A Thai girl carries belongings out of her flooded home in the southern province of Pattani November 2, 2010. Transport and communications were severed and tourists stranded on Wednesday after southern Thailand's worst flash floods in a decade forced flight cancellations and left a bustling city in deep water.

Credit: Reuters/Surapan Boonthanom/Files

HAT YAI, Thailand | Wed Nov 3, 2010 12:15pm IST

HAT YAI, Thailand (Reuters) - Transport and communications were severed and tourists stranded on Wednesday after southern Thailand's worst flash floods in a decade forced flight cancellations and left a bustling city in deep water.

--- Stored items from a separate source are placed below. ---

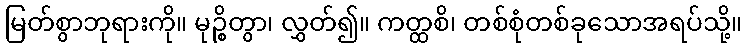
မြတ်စွာဘုရားကို။ မုဉ္စိတွာ၊ လွှတ်၍။ ကတ္ထစိ၊ တစ်စုံတစ်ခုသောအရပ်သို့။
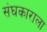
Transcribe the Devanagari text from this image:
संघकाराला
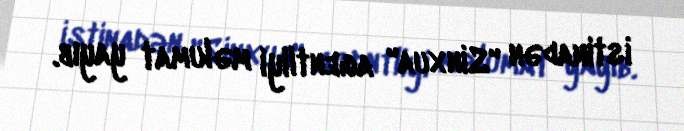
istinadən "Sinxua" agentliyi məlumat yayıb.
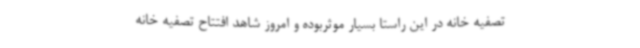
تصفیه خانه در این راستا بسیار موثربوده و امروز شاهد افتتاح تصفیه خانه
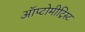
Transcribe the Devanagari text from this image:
ऑप्टोमीट्रिस्ट
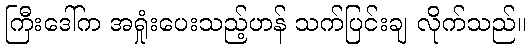
ကြီးဒေါ်က အရှုံးပေးသည့်ဟန် သက်ပြင်းချ လိုက်သည်။
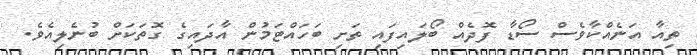
ތިއާ އަނެއްކާވެސް ސޯޑާ ފޮދެއް ބޯލައިފައި ތަށި ބަހައްޓަމުން އާދައިގެ ގޮތަކަށް ބުނެލިއެވެ.

There were no reports of deaths or injuries but water levels in some areas were reported as high as three metres (10 feet), with swathes of the region's commercial capital and rubber trade hub, Hat Yai, under water and residents stuck in their homes.

Airports at the tourist destinations Koh Samui and Krabi were closed for long periods and ferry services cancelled as the Department of Disaster Prevention and Mitigation warned of more downpours, rising sea levels and strong currents.

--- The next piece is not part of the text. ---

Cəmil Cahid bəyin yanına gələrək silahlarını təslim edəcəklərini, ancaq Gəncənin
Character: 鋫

The floods took their toll on the region's important rubber industry, which accounts for 90 percent of Thailand's output, disrupting tapping and delaying shipments of smoked rubber sheet totalling about 50,000 tonnes, dealers said.

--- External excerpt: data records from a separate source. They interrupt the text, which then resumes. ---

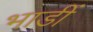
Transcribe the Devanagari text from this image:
भाडीं
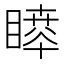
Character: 𥊊
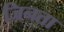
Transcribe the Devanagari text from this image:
जिनता

The Hat Yai rubber market was open but there was no business as suppliers and traders were unable to transport rubber sheet to sell there. Thailand is the world's biggest producer and exporter of rubber.

Hay Yai's mayor on Tuesday estimated more than 100,000 people were stranded in their homes and rescue officials said severed transport routes and strong sea currents were preventing food and aid from reaching victims.

Prime Minister Abhisit Vejjajiva said help was on its way and expected water levels to recede.

"Help will start to trickle in today and should reach all by the end of today," he told reporters.

The Finance Ministry says flooding this year, which has also hit northeastern and central provinces, could cut economic growth by 0.2 percentage point. It said on Wednesday it was confident growth would reach 7 percent, despite the severe weather.

Abhisit said he was confident 8 percent growth was still attainable.

"The Thai economy is stable with solid growth and sound fundamentals," he said.

The estimated death toll from flooding since Oct. 10 across a third of the country is 107.

There were no updated reports of damage or casualties from the country's south on Wednesday and medical officials were making efforts to move patients to other hospitals.

"Our main concern right now are patients with serious conditions. We are trying to find a way to evacuate them," said Atchariya Pangma, a medical inspector from the Emergency Medical Institute.

The government agreed on Monday to give 5,000 baht ($168) to more than 600,000 families affected by the floods, more than 3.7 million people in total out of a population of 67 million.